After all, here's the architecture:

But in your setup, the planner would be another head branching from "figure out what's going on", which means that it's receiving the results of a computation already conditioned on the action sequence? 

Mostly my reason for thinking about my architecture is that if the planner is separate it seems so obviously doomed (from a worst-case perspective, for outer alignment / building a good oversight process). The planner "knows" how and why it chose the action sequence while the predictor doesn't, and so it's very plausible that this allows the planner to choose some bad / deceptive sequence that looks good to the predictor. (The classic example is that plagiarism is easy to commit but hard to detect just from the output; see this post.)

But if you had me speculate about what ARC thinks, my probably-somewhat-incorrect understanding is "in theory, the oversight process (predictor + reporter) needs to be able to run exponentially-large searches (= perfect optimization in an exponentially large space) over the possible computations that the planner could have done (see idealized ascription universality); in practice we're going to give it "hints" about what computation the planner actually does by e.g. sharing weights or looking at the planner's activations".
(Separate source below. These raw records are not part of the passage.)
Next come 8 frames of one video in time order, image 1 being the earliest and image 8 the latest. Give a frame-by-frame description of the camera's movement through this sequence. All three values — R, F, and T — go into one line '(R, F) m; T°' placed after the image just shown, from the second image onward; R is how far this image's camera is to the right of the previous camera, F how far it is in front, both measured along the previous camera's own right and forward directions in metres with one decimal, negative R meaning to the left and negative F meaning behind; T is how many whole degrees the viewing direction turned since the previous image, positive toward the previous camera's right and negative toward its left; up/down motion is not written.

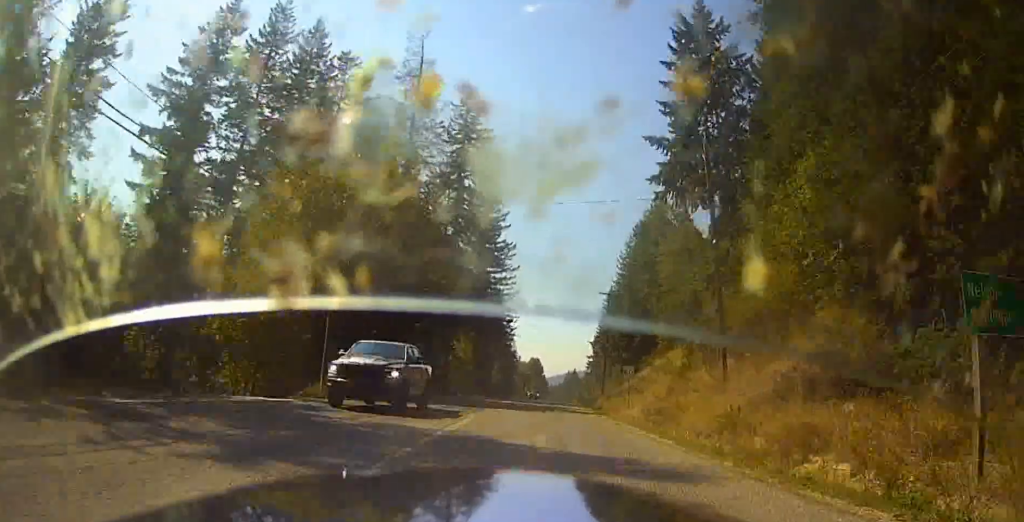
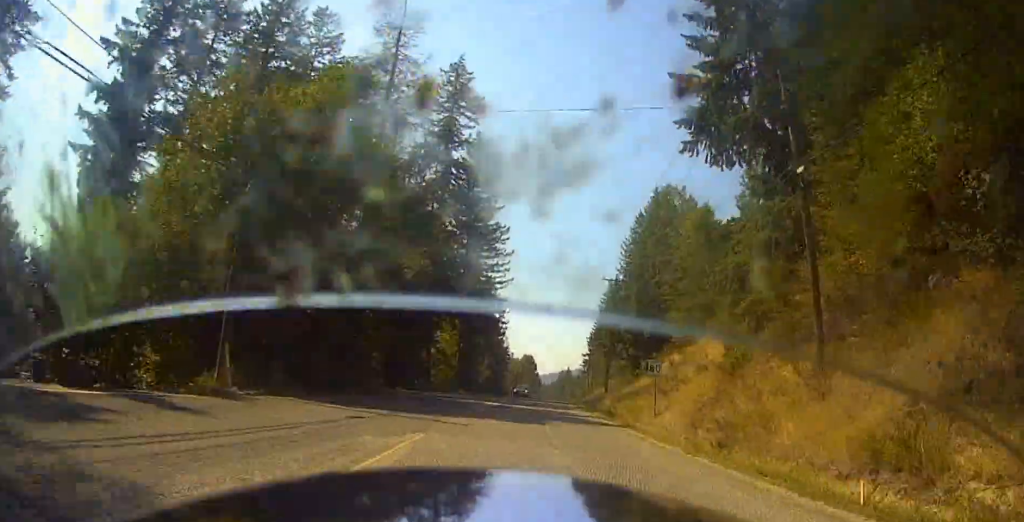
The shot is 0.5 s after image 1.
(-0.1, +9.9) m; +2°
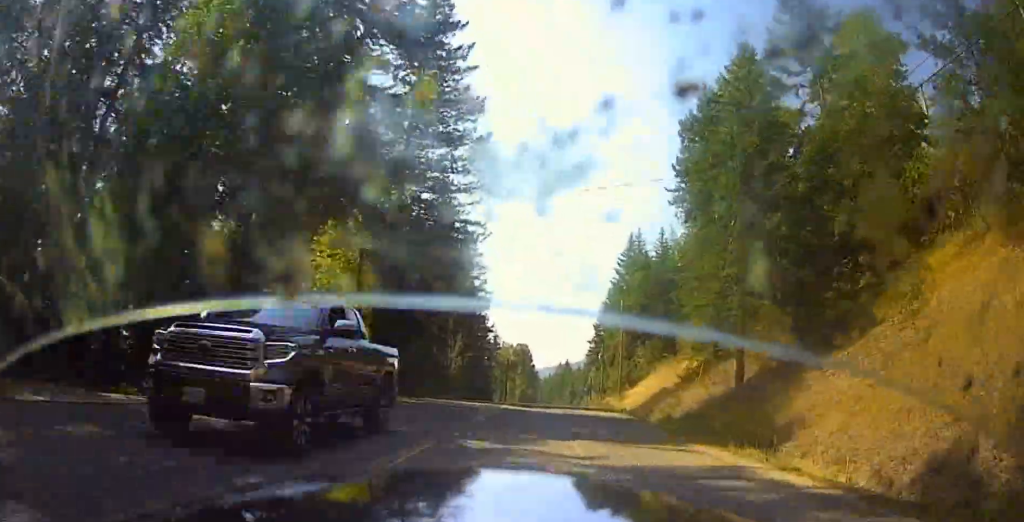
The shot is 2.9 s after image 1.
(+4.7, +41.3) m; +8°
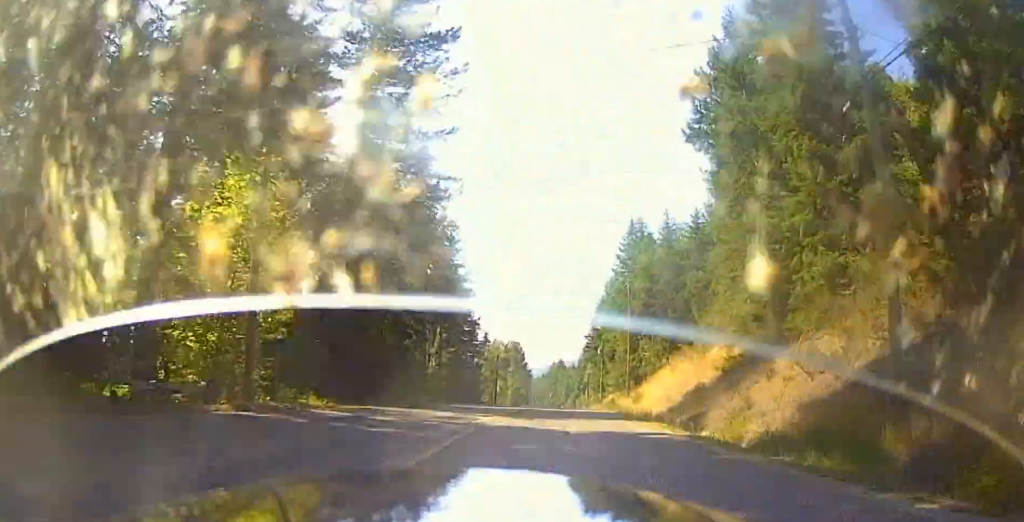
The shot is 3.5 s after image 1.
(+0.1, +11.3) m; -1°
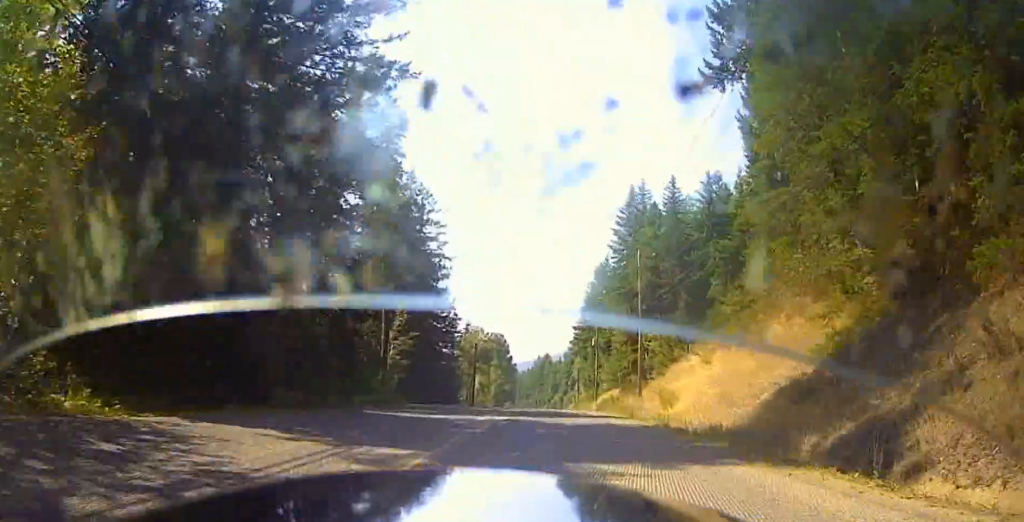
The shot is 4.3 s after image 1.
(-0.6, +14.3) m; -1°
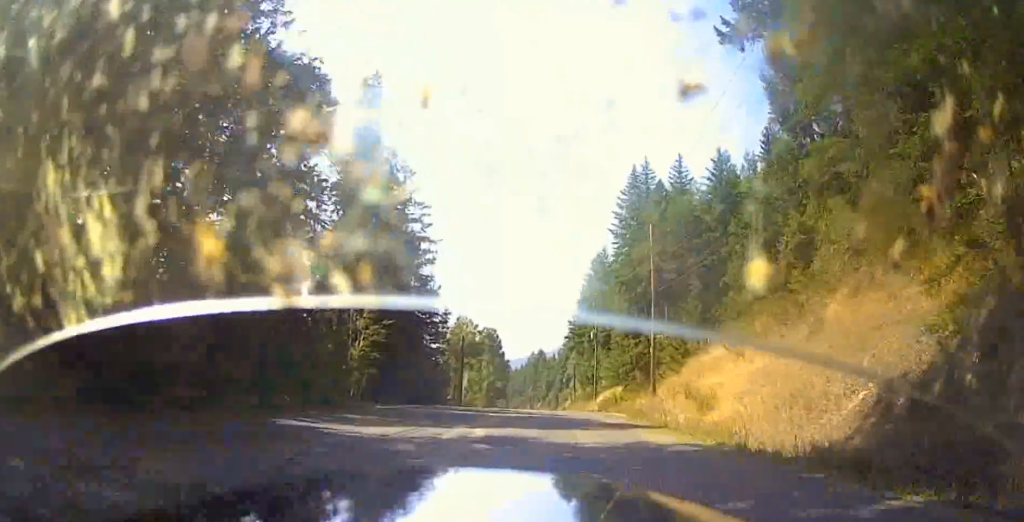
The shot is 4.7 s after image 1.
(+0.1, +7.7) m; 0°
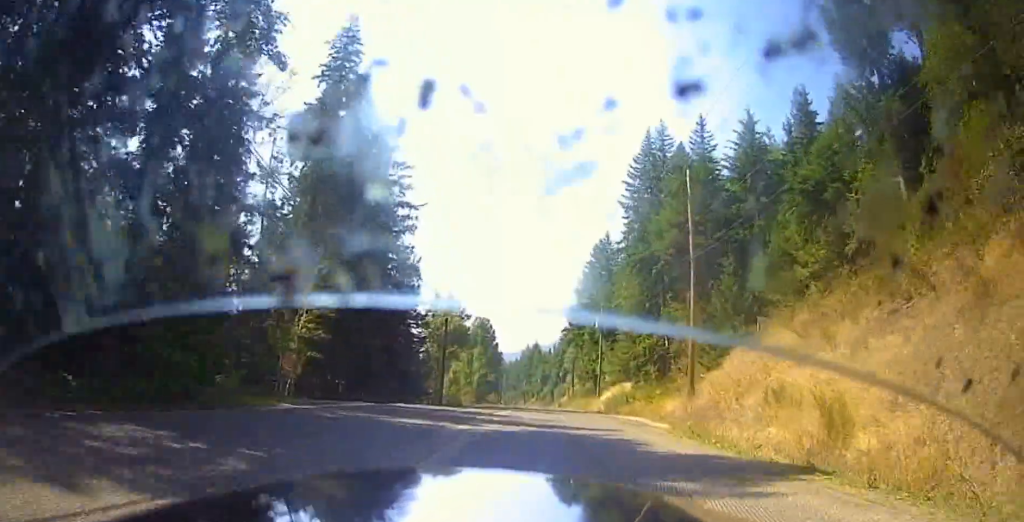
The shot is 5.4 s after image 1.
(+0.3, +11.3) m; 0°
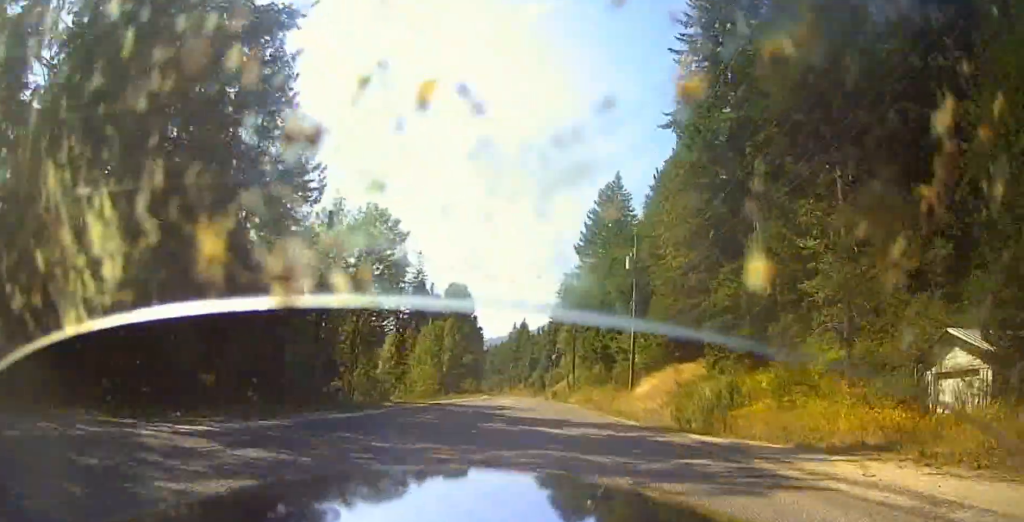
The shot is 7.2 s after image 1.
(+0.7, +32.6) m; +2°

But in your setup, the planner would be another head branching from "figure out what's going on", which means that it's receiving the results of a computation already conditioned on the action sequence?

I would assume the action sequence input is a variable-length list (e.g. you pass all the actions through an LSTM and then the last output / hidden state is provided as an input to the rest of the neural net). The planner can be conditioned on the last N actions and asked to produce the next action (and initially N = 0).

Why would the planner have pressure to choose something which looks good to the predictor, but is secretly bad, given that it selects a plan based on what the reporter says? Is this a Goodhart's curse issue, where the curse afflicts not the reporter (which is assumed conservative, if it's the direct translator), but the predictor's own understanding of the situation? 

given that it selects a plan based on what the reporter says?

... What makes you think it does this? That wasn't part of my picture.

Hm. I've often imagined a "keep the diamond safe" planner just choosing a plan which a narrow-ELK-solving reporter says is OK. 

How do you imagine the reporter being used? 

Hm. I've often imagined a "keep the diamond safe" planner just choosing a plan which a narrow-ELK-solving reporter says is OK. 

But where does the plan come from? If you're imagining that the planner creates N different plans and then executes the one that the reporter says is OK, then I have the same objection:

The planner "knows" how and why it chose the action sequence while the predictor doesn't, and so it's very plausible that this allows the planner to choose some bad / deceptive sequence that looks good to the predictor. (The classic example is that plagiarism is easy to commit but hard to detect just from the output; see this post.)

 

How do you imagine the reporter being used?

Planner proposes some actions, call them A. The human raters use the reporter to understand the probable consequences of A, how those consequences should be valued, etc. This allows them to provide good feedback on A, creating a powerful and aligned oversight process that can be used as a training signal for the planner.